Compared to the Q1 of 2024, the proportion of genes delivered to our protein work increased by 12 % points in the Q4 . The growth of our protein business certainly has driven growth for gene synthesis. As you can see from the figure, the volume of our genes synthesized increased with rapid and steady growth rates across all four quarters in 2024. More importantly, our continuous innovations in production automation at scale, intelligent production, and preparatory expression systems further enhance our delivery reliability, premium quality, and most importantly, platform profitability, even when we charge over 50% less of the market price. In 2025, we will further strengthen and utilize the synergy between our gene and protein platforms to deliver and exceed our customer expectations. We are also upgrading other protein expression platforms and will soon launch our upgraded E. coli platform, featuring a five-business-day turnaround time.

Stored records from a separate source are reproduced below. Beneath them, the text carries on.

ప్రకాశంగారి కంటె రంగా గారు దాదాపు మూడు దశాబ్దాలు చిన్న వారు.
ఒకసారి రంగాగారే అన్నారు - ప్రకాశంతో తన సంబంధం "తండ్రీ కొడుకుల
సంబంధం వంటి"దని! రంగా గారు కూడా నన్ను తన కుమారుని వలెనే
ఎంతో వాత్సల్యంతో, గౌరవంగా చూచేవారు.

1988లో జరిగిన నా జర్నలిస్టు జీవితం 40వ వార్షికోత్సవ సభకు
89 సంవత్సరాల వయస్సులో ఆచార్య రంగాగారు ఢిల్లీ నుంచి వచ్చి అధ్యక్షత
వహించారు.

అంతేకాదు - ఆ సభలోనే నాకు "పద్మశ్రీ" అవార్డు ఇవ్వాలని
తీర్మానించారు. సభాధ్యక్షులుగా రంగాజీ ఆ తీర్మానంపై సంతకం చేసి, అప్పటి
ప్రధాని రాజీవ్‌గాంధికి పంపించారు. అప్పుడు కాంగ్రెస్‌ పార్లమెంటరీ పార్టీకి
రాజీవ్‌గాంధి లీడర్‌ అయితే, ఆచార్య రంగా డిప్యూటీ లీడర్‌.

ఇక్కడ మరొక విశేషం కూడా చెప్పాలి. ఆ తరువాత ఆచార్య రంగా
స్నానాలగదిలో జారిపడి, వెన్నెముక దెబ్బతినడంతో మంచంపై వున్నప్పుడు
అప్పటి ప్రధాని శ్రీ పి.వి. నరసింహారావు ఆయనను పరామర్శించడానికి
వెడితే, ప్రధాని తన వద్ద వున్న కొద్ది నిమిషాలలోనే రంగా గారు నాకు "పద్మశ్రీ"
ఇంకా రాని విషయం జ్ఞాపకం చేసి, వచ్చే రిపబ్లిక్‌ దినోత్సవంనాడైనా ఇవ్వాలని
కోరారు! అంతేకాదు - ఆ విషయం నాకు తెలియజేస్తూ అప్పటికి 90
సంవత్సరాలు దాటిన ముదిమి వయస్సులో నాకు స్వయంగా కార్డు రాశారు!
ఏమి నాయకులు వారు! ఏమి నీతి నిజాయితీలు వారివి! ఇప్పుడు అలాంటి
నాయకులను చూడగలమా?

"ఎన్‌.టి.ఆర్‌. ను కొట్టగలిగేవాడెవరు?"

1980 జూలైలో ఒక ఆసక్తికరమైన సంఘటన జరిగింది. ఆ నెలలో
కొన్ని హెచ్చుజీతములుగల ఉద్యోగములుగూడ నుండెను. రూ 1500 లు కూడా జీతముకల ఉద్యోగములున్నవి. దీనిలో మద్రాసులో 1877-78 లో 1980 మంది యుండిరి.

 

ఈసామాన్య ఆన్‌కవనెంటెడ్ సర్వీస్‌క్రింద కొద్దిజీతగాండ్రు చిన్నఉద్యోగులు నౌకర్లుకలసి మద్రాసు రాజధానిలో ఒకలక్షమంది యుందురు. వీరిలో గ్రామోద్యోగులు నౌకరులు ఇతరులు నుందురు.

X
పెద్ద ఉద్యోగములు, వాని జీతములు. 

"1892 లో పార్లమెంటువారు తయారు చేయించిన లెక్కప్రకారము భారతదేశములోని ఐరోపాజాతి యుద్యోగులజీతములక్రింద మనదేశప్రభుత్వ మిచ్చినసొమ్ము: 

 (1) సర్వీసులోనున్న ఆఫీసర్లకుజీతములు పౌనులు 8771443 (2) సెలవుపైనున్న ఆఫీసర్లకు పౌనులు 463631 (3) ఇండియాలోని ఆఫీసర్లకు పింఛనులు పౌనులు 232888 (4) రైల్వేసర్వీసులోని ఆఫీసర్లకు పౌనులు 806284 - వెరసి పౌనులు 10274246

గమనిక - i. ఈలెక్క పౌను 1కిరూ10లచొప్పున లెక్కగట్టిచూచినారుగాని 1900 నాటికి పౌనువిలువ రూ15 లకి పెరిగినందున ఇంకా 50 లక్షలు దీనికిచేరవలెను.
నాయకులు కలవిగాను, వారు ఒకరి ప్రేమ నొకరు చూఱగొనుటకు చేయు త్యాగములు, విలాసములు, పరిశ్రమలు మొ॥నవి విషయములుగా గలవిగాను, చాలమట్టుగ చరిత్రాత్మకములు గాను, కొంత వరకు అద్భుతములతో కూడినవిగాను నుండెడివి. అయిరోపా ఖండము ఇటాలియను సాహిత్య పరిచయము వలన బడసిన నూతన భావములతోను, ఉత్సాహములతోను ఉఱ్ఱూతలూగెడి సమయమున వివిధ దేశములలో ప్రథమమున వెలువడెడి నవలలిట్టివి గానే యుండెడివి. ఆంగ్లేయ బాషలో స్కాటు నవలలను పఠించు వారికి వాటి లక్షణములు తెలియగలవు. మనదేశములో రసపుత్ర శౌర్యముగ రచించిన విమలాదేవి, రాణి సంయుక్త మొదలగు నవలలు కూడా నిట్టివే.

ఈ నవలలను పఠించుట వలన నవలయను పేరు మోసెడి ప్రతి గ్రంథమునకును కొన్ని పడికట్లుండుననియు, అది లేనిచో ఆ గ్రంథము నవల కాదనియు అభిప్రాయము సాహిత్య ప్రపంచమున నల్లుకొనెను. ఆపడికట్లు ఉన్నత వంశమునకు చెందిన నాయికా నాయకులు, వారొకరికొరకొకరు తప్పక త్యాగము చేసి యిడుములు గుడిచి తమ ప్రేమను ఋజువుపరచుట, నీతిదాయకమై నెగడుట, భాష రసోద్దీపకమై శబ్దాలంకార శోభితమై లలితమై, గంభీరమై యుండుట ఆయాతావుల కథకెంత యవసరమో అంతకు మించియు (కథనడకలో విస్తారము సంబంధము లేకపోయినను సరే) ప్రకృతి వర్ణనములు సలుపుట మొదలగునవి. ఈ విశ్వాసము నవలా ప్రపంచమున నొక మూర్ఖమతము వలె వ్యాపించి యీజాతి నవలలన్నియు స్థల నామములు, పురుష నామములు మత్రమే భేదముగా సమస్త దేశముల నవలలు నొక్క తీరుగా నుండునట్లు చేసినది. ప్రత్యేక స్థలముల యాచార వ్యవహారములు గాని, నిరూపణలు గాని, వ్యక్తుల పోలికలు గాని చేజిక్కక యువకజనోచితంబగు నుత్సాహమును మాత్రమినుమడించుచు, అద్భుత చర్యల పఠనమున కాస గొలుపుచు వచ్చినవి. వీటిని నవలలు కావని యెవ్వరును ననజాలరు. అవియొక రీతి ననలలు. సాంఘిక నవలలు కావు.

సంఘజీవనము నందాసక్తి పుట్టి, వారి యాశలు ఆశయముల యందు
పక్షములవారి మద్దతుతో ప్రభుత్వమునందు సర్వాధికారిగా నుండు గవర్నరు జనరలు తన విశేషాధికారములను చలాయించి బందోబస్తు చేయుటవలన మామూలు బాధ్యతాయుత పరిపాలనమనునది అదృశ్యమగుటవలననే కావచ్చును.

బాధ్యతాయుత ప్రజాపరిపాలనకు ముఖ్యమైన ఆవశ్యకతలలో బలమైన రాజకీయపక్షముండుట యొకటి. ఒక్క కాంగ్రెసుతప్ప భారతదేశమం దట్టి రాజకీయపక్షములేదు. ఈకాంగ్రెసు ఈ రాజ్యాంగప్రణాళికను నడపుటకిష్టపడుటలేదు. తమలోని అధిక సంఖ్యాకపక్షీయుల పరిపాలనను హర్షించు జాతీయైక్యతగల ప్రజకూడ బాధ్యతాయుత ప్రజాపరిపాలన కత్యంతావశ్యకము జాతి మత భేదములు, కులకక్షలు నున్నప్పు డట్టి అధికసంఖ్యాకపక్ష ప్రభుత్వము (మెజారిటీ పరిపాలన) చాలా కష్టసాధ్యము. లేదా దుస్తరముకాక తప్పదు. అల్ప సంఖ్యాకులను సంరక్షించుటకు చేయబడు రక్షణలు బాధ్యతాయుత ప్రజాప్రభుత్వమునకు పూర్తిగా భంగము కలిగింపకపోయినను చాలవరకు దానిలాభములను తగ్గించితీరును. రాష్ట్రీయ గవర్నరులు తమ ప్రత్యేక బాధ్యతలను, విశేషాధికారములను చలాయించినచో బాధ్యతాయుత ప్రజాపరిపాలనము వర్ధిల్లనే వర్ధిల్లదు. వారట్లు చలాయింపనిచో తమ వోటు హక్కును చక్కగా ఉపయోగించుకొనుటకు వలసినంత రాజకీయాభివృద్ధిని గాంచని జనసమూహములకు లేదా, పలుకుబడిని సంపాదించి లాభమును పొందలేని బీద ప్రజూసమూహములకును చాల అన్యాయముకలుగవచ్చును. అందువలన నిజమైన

By the Q2 of 2025, we expect to shorten our Insect Expression Platform turnaround time to two weeks. Next page. Building and expanding our capable capacity globally and being closer to our customers has been our key globalization strategy for the past four years to further strengthen supply chain resilience, enhance customer accessibility, and optimize production costs. It has been our commitment to our customers that we will be able to deliver the same premium quality region services at scale from any of our global facilities that are closer to you. In both of our newly expanded New Jersey gene and plasmid facility and Singapore gene and protein facility, we are able to deliver significantly more and more profitable and with significantly shorter turnaround time. In 2025 and beyond, we will expand more protein and gene to plasmid capacity in the US, China, and Singapore.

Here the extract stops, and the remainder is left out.